Exemples d'accords joués par Tatum qui "étaient faciles à atteindre pour lui"[155]

La touche de Tatum a également attiré l'attention: pour Balliett, "Aucun pianiste n'a jamais frappé les notes avec plus de beauté. Chacune [...] était légère, complète et résonnante, comme les lettres sur une page finement imprimée. De vastes accords de registre inférieur n'étaient pas flous. , et ses notes les plus élevées étaient en argent poli. "[166] Tatum pouvait conserver ces qualités de toucher et de ton même aux tempos les plus rapides, alors que presque tous les autres pianistes seraient incapables de jouer les notes du tout.[34] Pianiste Poussin Corea a commenté que "Tatum est le seul pianiste que je connaisse avant Bill [Evans] qui avait aussi ce toucher léger comme une plume - même s'il a probablement passé ses premières années à jouer sur de très mauvais instruments. "[181]

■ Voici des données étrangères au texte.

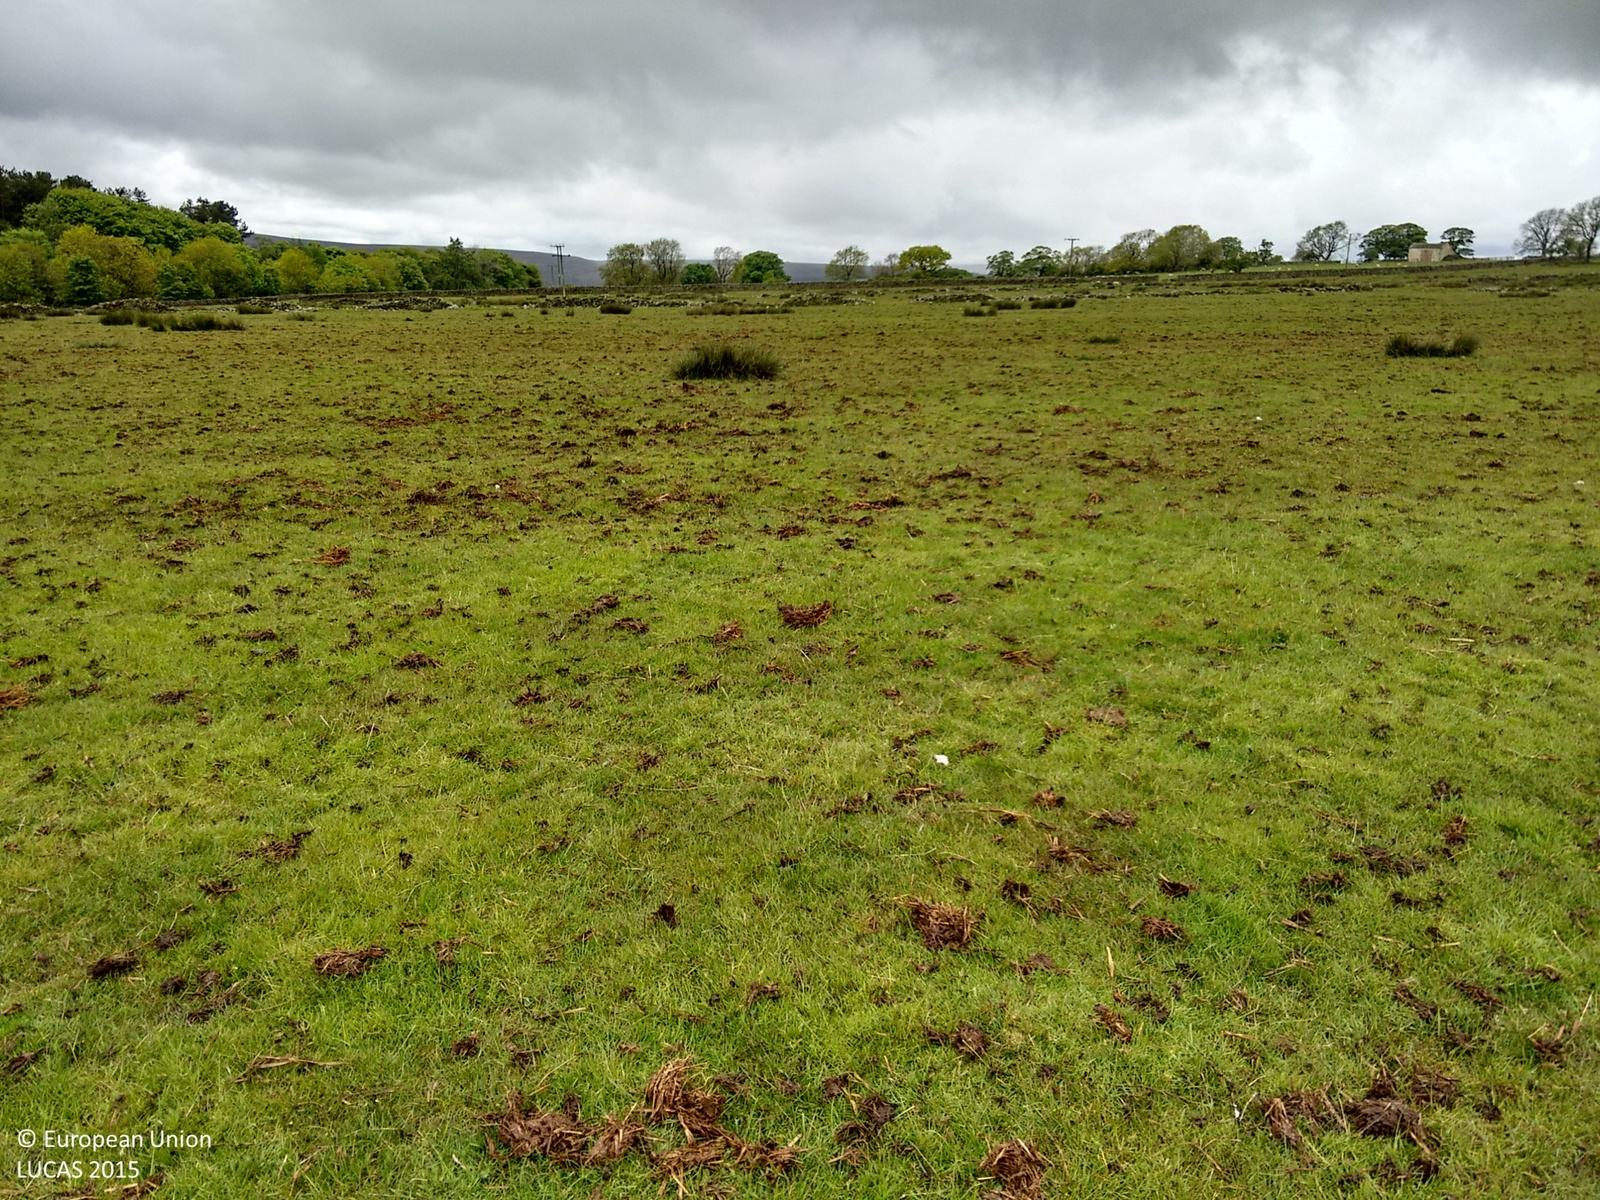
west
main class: Grassland
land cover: Grassland without tree/shrub cover
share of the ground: > 75 %
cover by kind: herbaceous plants 100 %
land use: Agriculture (excluding fallow land and kitchen gardens)
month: May
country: GB
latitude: 53.9937
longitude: -1.7214

Parmi les musiciens qui ont dit que Tatum pouvait faire un mauvais son de piano, il y avait Billy Taylor[86] et Gerald Wiggins.[182] Ce dernier a révélé que Tatum était capable d'identifier et d'éviter d'utiliser les touches d'un mauvais piano qui ne fonctionnaient pas,[182] en tant que guitariste Les Paul a raconté que Tatum avait parfois recours à tirer des touches coincées d'une seule main, à mi-performance, afin de pouvoir les jouer à nouveau.[183]

Influence

Le style d'improvisation de Tatum a étendu ce qui était possible sur le piano jazz.[184] Les aspects solistes virtuoses du style de Tatum ont été repris par des pianistes tels que Adam Makowicz, Simon Nabatov, Oscar Peterson, et Martial Solal.[185] Même "des musiciens aux perspectives radicalement différentes, comme Bud Powell, Lennie Tristano et Herbie Hancock, a appris les performances clés de Tatum par cœur, bien que peu d'entre eux aient pu étendre sa gamme technique ou recréer son ton inimitable et somptueux. "[158] Bien que Powell appartienne au mouvement bebop, son style prolifique et passionnant a montré l'influence de Tatum.[186] Mary Lou Williams dit: "Tatum m'a appris comment frapper mes notes, comment les contrôler sans utiliser de pédales. Et il m'a montré comment garder mes doigts à plat sur les touches pour obtenir ce son propre."[187]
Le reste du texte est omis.